On June 23, 2016, the U.K. in a high-turnout referendum (72 percent) voted 52 to 48 to leave the EU after almost a half-century of membership. England and Wales elected to leave, but both Scotland and Northern Ireland voted to remain.
Britain had nearly three years to map out its divorce from the EU. It was supposed to officially leave on March 29, 2019. But the withdrawal agreement reached between Prime Minister Theresa May and the EU was rejected three times in the U.K. Parliament. As a result, the EU has given the U.K. an extension to Oct. 31 to get its act together.
This is why Brexit is a mess for both backers and opponents. Nobody really knows how it will play out over the next six months.
Perhaps rewrite a kinder, gentler Brexit 2.0 will come into play. Or perhaps the idea will be abandoned altogether.
The worst outcome would be for the U.K. to “crash out” of the EU without an agreement, which would be a disaster for the British and Irish economies. Trade between the U.K. and the EU bloc would freeze.
Why Ireland Could Kill Brexit
Ireland could be the silver bullet that ends Brexit for good. The arrogant geniuses who cooked up Brexit forgot one thing: the border between the Irish Republic and Northern Ireland — the only border the U.K. has with another EU member. And this is a special border, a near 100-year-old divide.
In 1922, the British imposed the border on Ireland as part of a peace deal following a brutal uprising that won Ireland its independence with the exception of Northern Ireland, which remains part of the U.K.
The border in the 1970s through the ’90s was a flash point again during what are called “The Troubles.” More than 3,000 people died as the Irish Republican Army (Catholics and nationalists) fought a low-intensity guerilla war (mostly bombings) against the British Army and Protestant paramilitary groups.
What began as a civil-rights struggle for Catholics turned into a sectarian slaughter fest. It only came to a halt in 1998 when both sides agreed to the terms of the Good Friday Agreement. Those terms also dismantled any presence of the physical border — namely checkpoints manned by heavily armed British soldiers.
Now Brexit threatens to unwind 20 years of peace in Northern Ireland.
The reason Prime Minister May’s deal with the EU keeps getting rejected is that she does not want a “hard border” between the Republic and Northern Ireland. But hardcore Brexiters want border controls, and they want no-EU links with Northern Ireland. They don’t care about peace. There’s the impasse.

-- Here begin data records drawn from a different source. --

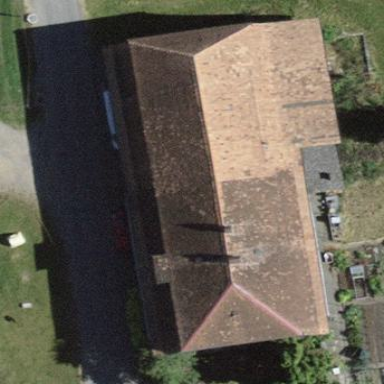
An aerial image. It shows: Farm building.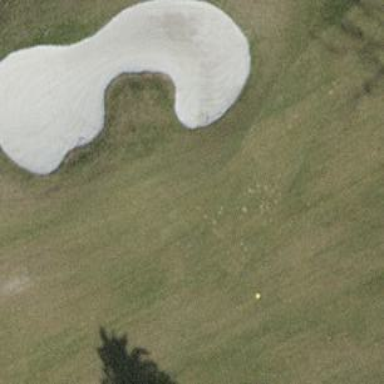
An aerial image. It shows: Golf bunker filled with natural sand.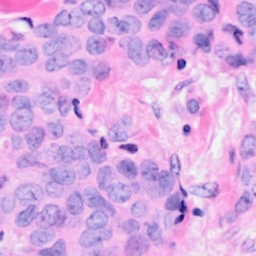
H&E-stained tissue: Breast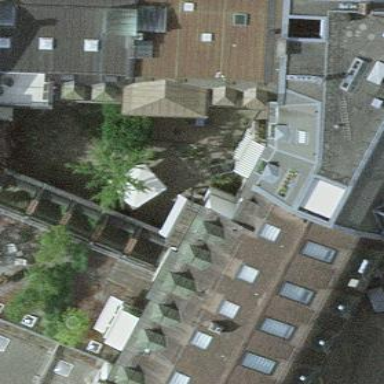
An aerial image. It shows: Building with gambrel-shaped roof made of roof tiles.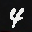
Label: 4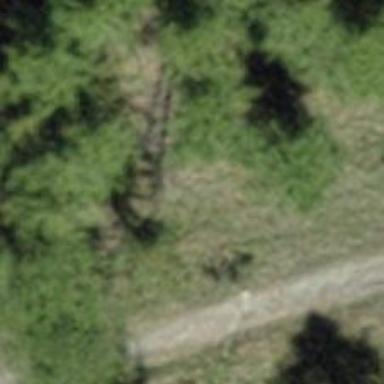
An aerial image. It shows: Wayside cross with historic significance.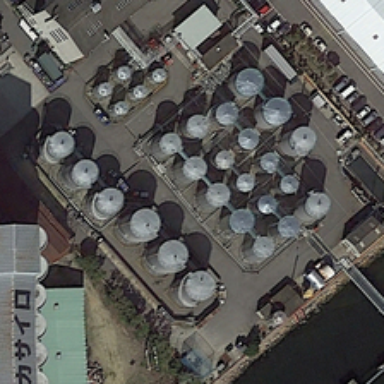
A lot of houses and trees are beside a lot of oil tanks .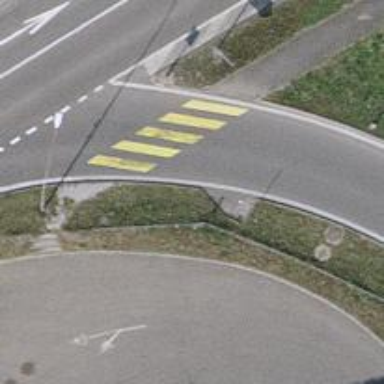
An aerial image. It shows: Marked crossing on the road.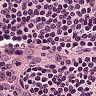
Metastatic tissue present: no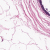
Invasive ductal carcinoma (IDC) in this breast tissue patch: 0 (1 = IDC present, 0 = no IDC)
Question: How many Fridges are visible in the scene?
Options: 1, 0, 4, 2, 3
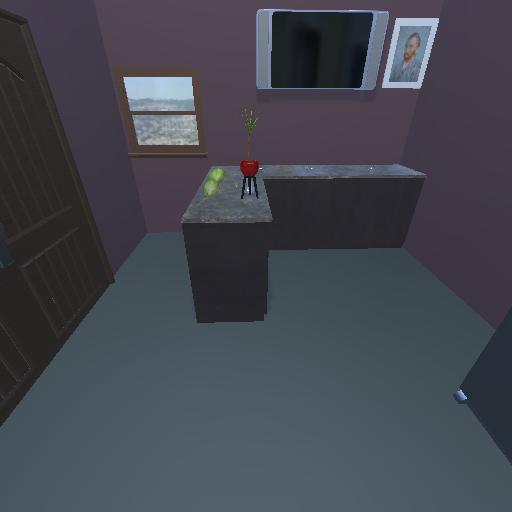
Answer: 1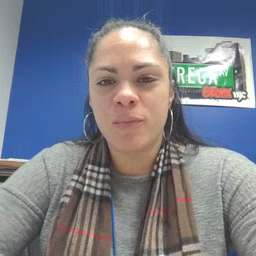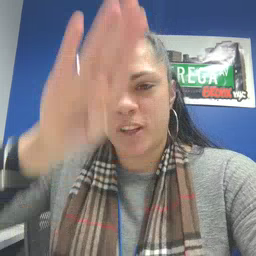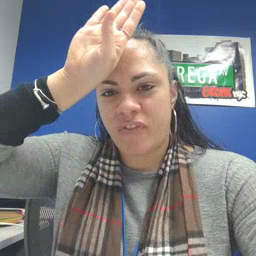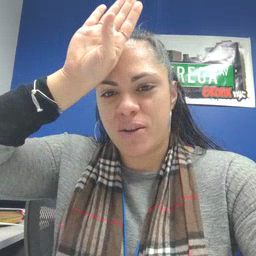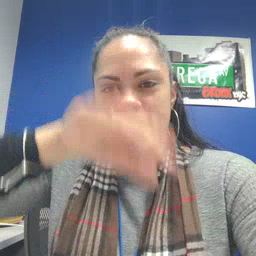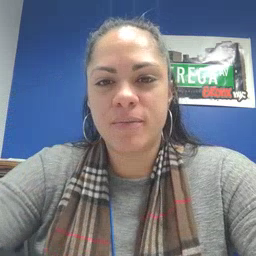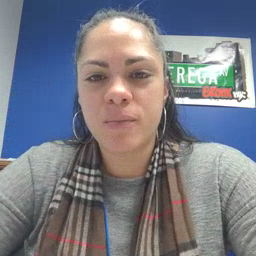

Oh, the Irony, Old Ireland
The EU leadership is solidly behind Ireland as Britain’s former colony drives Brexit backers batty. What sweet irony.
For 800 years, the Irish endured cruelty and misery at the hands of the English and other anti-Catholic bigots. Today, Brexit is at the mercy of the Irish nation, which will not tolerate a new hard border.
I have extensive family in the Republic of Ireland, many of whom do substantial business in Northern Ireland. A hard border would hurt their businesses. As one senior family member — a man with deep community ties and who’s in the know — fretted to me last summer, such a border could lead to war.
And of course, the pro-Brexit hatred toward the Irish is in full swing. The unifying complaint is that the Irish should be helping the British sort out the mess they themselves, full of hubris, created.
Why Should Americans Care About Brexit?
Brexit is bad for the global economy, which isn’t helped when the U.K. economy is struggling with uncertainty. That uncertainty can carry over to the U.S. markets and can negatively affect mutual funds and other investment products with exposure to U.K. companies. U.S. corporations with big U.K. operations are reporting squeezed margins.
Brexit does carry some positives. For example, the U.S. dollar is now stronger versus the U.K. pound. This means you can buy more stuff in England with your U.S. dollars.
Yet the biggest positive is reserved for Ireland, despite the border issue. Not only is Dublin, the capital, seeing a huge influx of financial jobs fleeing London, but Brexit also seems poised to hasten a new united Ireland with Northern Ireland’s return to the Republic and Britain’s departure for the island. So, I guess Brexit isn’t a mess, after all?